-------- Data supplied --------

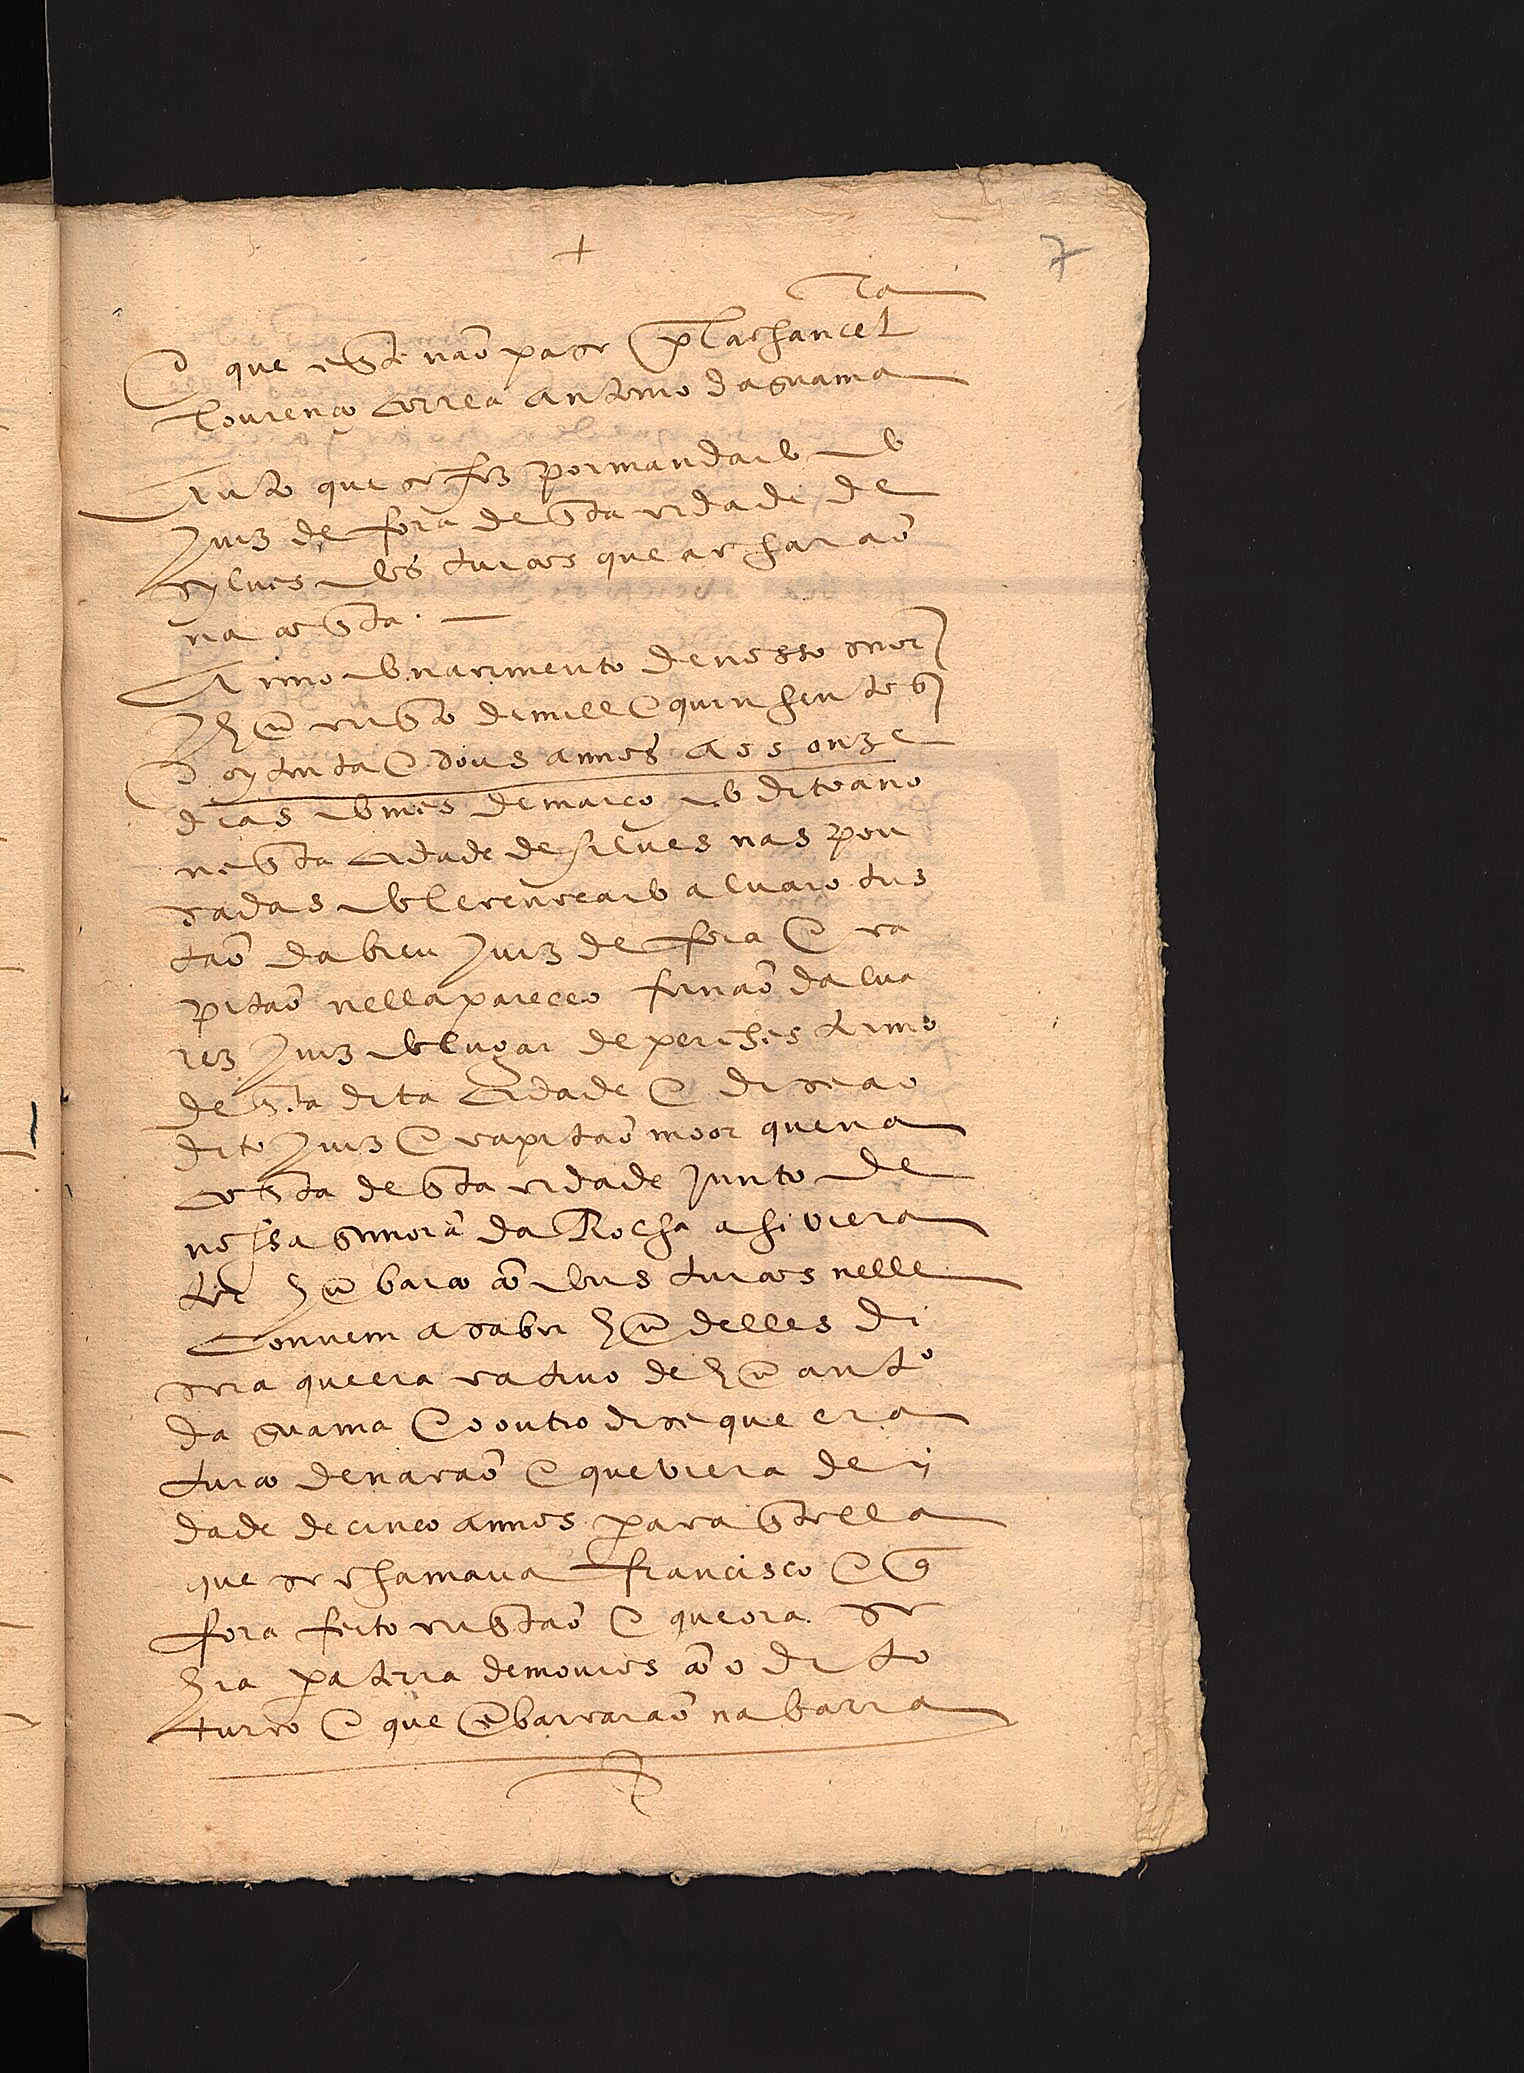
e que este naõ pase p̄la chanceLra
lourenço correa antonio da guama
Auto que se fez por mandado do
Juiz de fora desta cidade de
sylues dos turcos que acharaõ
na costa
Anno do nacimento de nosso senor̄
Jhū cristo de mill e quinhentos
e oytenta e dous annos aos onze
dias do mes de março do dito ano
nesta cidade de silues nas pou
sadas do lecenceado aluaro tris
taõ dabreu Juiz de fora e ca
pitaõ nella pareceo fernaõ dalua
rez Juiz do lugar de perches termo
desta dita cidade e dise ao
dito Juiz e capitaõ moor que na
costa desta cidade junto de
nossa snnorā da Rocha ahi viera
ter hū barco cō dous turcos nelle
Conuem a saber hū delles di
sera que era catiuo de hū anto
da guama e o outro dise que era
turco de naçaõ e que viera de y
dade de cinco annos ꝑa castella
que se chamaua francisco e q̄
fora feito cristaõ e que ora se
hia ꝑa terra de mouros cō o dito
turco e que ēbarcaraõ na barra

--------

*Task item:* A reply should hold exactly the lines from the one containing "costa desta cidade junto de" through the end of the data above, nothing more.

*Answer to this exercise:*
costa desta cidade junto de
nossa snnorā da Rocha ahi viera
ter hū barco cō dous turcos nelle
Conuem a saber hū delles di
sera que era catiuo de hū anto
da guama e o outro dise que era
turco de naçaõ e que viera de y
dade de cinco annos ꝑa castella
que se chamaua francisco e q̄
fora feito cristaõ e que ora se
hia ꝑa terra de mouros cō o dito
turco e que ēbarcaraõ na barra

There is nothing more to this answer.